Identify each line in the records below that contains the word "numbers", and copy it.

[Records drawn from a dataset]
--------------------

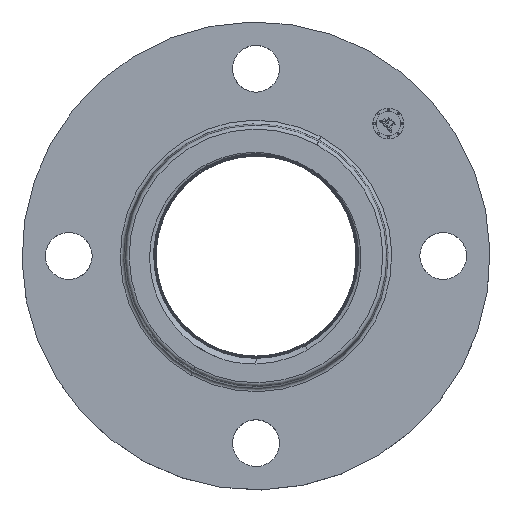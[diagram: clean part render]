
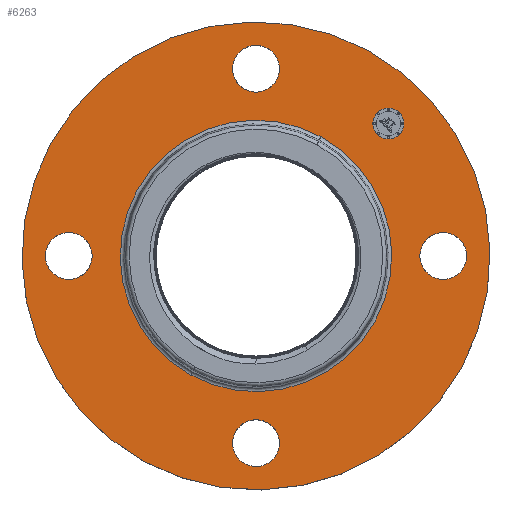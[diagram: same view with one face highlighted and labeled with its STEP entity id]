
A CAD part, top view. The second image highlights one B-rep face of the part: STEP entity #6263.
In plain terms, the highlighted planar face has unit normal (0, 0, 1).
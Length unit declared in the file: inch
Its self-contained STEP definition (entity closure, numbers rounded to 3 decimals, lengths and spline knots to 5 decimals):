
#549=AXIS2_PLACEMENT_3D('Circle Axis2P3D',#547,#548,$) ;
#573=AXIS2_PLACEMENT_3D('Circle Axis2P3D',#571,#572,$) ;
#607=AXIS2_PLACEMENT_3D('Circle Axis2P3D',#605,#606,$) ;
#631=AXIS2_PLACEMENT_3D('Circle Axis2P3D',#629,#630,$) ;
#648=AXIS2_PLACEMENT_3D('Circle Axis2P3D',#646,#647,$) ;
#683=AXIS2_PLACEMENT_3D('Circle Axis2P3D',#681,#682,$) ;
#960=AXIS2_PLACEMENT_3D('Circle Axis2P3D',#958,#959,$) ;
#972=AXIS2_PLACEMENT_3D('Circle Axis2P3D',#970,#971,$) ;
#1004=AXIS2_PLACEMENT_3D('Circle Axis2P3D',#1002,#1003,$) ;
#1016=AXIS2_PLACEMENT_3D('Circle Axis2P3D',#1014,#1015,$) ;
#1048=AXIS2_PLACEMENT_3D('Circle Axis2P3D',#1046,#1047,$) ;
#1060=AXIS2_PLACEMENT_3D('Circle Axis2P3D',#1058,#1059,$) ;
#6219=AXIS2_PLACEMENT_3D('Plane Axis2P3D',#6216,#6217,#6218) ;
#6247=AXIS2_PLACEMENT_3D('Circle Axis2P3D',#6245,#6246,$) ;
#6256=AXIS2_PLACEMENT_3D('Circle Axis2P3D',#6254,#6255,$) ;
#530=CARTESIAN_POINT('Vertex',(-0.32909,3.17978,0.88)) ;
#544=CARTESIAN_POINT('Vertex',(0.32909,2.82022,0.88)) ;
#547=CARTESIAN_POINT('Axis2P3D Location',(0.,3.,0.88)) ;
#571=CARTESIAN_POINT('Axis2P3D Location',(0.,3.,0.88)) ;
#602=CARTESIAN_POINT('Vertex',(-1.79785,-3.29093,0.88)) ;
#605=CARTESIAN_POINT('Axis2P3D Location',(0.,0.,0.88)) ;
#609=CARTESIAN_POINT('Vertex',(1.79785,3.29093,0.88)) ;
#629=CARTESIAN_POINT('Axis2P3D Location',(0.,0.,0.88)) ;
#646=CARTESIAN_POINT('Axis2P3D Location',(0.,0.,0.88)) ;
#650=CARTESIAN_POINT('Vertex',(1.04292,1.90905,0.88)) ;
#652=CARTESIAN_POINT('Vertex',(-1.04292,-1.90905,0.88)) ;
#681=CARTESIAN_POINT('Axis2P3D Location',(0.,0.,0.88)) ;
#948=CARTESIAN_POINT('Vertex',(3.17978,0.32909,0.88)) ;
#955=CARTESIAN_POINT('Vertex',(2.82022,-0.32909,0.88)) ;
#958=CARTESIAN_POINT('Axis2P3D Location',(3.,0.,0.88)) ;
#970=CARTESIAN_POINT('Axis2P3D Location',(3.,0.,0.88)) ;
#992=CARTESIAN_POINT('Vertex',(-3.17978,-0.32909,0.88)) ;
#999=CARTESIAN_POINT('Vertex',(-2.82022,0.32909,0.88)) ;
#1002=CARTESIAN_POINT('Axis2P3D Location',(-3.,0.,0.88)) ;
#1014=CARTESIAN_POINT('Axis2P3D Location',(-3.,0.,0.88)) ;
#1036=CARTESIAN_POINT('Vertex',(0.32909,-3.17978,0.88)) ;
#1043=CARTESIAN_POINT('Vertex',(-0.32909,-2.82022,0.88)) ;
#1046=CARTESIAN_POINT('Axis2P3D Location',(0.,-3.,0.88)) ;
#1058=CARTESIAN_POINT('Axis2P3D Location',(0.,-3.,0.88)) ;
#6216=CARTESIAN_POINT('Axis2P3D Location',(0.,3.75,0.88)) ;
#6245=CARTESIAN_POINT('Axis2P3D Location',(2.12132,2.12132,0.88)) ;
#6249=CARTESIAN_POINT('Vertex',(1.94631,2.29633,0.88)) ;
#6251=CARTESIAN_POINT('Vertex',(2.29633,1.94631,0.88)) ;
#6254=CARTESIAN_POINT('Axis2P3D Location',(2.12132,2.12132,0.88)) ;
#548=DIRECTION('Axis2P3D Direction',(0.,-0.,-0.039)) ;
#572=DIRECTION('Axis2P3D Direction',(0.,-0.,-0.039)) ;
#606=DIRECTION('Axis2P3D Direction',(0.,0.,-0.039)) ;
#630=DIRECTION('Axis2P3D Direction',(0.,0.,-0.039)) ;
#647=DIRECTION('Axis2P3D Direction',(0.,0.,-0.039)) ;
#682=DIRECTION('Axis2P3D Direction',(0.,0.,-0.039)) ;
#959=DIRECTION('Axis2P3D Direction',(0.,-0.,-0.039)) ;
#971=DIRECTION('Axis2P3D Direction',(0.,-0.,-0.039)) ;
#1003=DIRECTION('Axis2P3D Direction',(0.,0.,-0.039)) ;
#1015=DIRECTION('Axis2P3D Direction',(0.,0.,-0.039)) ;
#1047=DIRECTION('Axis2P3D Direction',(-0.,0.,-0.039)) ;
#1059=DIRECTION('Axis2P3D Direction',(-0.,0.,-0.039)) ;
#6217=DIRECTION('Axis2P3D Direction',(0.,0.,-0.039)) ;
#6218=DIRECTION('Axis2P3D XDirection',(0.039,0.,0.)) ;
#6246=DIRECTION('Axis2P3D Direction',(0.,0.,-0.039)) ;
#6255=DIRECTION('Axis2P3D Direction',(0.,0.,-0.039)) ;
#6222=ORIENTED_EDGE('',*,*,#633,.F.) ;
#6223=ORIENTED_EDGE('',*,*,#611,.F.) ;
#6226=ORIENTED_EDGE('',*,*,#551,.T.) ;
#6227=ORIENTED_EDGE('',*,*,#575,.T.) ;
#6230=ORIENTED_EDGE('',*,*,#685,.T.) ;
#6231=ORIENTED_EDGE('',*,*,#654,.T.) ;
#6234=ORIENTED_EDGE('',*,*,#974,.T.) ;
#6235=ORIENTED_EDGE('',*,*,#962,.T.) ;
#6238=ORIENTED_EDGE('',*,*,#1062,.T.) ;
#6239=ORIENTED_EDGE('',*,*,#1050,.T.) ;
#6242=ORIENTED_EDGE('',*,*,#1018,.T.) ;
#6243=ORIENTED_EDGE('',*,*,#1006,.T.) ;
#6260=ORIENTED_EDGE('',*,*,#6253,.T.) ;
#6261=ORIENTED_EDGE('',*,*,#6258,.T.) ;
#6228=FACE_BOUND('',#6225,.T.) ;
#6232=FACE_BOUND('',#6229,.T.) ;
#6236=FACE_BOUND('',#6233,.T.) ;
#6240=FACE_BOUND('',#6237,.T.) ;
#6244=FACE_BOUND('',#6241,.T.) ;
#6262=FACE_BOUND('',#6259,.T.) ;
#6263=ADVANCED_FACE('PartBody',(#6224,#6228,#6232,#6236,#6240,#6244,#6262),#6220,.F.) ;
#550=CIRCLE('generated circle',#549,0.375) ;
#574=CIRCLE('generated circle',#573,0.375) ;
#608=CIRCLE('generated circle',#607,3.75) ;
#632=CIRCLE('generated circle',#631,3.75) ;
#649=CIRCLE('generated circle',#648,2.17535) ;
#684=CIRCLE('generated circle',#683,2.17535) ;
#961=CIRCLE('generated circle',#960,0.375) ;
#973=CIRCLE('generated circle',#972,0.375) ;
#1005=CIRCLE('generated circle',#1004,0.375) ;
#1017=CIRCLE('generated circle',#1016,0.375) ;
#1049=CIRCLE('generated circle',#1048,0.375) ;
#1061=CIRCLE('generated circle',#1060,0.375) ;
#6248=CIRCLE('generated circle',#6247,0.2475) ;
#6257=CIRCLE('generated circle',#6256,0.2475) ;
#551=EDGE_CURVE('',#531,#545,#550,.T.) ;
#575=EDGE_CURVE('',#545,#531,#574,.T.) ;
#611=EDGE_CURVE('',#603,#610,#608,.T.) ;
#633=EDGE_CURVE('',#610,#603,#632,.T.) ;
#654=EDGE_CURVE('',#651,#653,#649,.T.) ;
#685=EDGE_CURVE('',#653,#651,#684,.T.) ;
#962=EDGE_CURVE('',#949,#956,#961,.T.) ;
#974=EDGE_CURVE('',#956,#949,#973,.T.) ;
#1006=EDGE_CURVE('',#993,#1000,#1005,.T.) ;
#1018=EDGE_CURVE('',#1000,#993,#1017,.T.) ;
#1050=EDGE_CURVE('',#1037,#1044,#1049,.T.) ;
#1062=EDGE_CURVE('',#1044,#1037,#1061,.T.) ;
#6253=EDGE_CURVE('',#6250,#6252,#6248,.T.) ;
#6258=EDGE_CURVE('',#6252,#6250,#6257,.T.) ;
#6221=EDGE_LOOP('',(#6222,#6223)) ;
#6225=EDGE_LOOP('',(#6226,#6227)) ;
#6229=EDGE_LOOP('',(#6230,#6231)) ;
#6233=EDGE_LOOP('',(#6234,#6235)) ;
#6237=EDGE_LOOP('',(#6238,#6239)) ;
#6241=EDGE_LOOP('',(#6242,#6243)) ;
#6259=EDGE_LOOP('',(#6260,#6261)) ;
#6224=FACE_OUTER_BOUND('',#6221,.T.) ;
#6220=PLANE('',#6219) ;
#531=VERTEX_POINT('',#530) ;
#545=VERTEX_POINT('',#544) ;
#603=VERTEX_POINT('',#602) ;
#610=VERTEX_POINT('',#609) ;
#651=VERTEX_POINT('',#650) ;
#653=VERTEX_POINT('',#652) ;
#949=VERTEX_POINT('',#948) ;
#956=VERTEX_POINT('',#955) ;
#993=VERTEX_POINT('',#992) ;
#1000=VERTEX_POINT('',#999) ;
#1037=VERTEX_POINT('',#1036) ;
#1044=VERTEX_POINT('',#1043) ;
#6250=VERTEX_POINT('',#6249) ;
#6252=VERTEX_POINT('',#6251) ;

--------------------

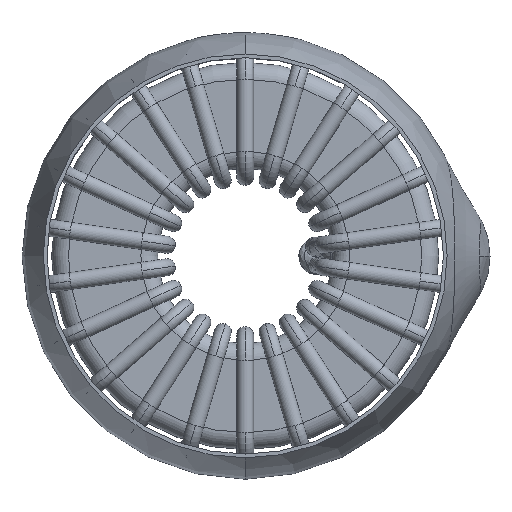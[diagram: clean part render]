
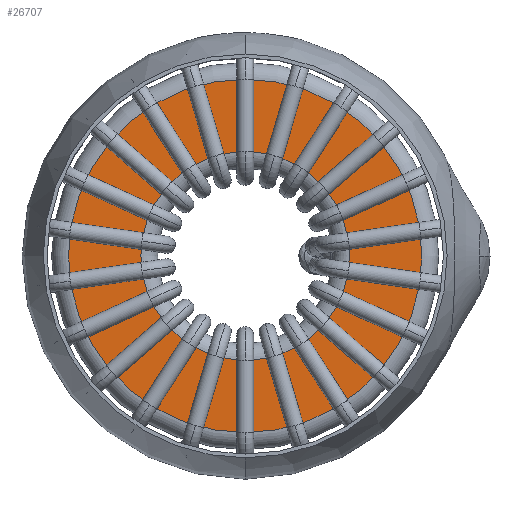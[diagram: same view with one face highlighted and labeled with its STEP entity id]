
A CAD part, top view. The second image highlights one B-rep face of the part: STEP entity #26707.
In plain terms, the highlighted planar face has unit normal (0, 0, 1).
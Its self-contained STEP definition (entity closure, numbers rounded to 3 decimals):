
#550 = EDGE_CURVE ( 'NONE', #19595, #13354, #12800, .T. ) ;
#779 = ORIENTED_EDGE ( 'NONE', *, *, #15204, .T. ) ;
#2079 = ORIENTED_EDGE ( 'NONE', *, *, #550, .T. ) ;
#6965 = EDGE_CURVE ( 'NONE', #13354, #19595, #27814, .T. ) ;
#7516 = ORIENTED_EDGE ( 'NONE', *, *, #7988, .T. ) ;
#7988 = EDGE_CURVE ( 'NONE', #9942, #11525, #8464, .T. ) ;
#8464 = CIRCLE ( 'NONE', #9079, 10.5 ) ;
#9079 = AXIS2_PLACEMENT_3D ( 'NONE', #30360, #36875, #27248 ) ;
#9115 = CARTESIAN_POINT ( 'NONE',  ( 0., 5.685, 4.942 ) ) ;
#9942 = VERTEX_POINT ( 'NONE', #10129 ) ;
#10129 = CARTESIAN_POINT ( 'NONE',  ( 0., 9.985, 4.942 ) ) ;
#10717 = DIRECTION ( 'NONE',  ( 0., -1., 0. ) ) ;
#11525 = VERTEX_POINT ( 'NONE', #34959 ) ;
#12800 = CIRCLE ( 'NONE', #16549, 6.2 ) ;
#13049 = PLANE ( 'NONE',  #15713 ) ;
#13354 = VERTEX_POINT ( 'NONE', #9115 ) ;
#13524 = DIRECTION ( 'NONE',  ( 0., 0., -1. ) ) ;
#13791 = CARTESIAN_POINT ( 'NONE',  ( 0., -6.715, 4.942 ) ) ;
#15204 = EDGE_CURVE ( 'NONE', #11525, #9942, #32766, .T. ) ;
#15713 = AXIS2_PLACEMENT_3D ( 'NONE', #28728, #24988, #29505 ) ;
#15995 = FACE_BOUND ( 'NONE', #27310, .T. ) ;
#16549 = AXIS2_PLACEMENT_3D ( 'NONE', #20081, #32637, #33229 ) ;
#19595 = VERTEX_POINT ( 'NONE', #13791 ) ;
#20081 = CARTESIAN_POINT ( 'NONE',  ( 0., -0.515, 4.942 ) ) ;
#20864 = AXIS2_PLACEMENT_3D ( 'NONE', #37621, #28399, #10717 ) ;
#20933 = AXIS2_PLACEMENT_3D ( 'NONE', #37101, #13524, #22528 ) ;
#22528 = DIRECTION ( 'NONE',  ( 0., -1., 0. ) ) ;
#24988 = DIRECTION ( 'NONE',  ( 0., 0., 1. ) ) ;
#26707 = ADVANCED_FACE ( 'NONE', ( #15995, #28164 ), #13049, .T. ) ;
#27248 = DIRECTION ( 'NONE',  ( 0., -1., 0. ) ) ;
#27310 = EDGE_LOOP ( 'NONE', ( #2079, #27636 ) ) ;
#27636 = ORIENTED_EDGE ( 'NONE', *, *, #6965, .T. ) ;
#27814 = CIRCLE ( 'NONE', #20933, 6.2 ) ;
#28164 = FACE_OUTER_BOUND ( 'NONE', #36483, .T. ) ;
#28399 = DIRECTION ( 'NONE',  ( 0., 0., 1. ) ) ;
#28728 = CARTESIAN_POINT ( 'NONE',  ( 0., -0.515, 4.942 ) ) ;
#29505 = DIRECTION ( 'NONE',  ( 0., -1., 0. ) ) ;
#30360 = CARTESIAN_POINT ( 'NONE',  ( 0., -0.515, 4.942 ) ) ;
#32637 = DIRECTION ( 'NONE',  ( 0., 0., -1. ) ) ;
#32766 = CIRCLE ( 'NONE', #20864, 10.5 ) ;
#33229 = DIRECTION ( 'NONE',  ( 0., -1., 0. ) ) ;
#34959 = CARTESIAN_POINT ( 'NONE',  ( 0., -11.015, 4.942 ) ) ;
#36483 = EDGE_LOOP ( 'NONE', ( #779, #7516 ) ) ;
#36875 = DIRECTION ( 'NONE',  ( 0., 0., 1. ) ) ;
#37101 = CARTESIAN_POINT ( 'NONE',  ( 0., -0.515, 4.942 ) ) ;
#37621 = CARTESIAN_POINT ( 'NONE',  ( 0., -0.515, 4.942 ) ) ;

--------------------

▸ **Answer space**
Its self-contained STEP definition (entity closure, numbers rounded to 3 decimals, lengths and spline knots to 5 decimals):
Its self-contained STEP definition (entity closure, numbers rounded to 3 decimals):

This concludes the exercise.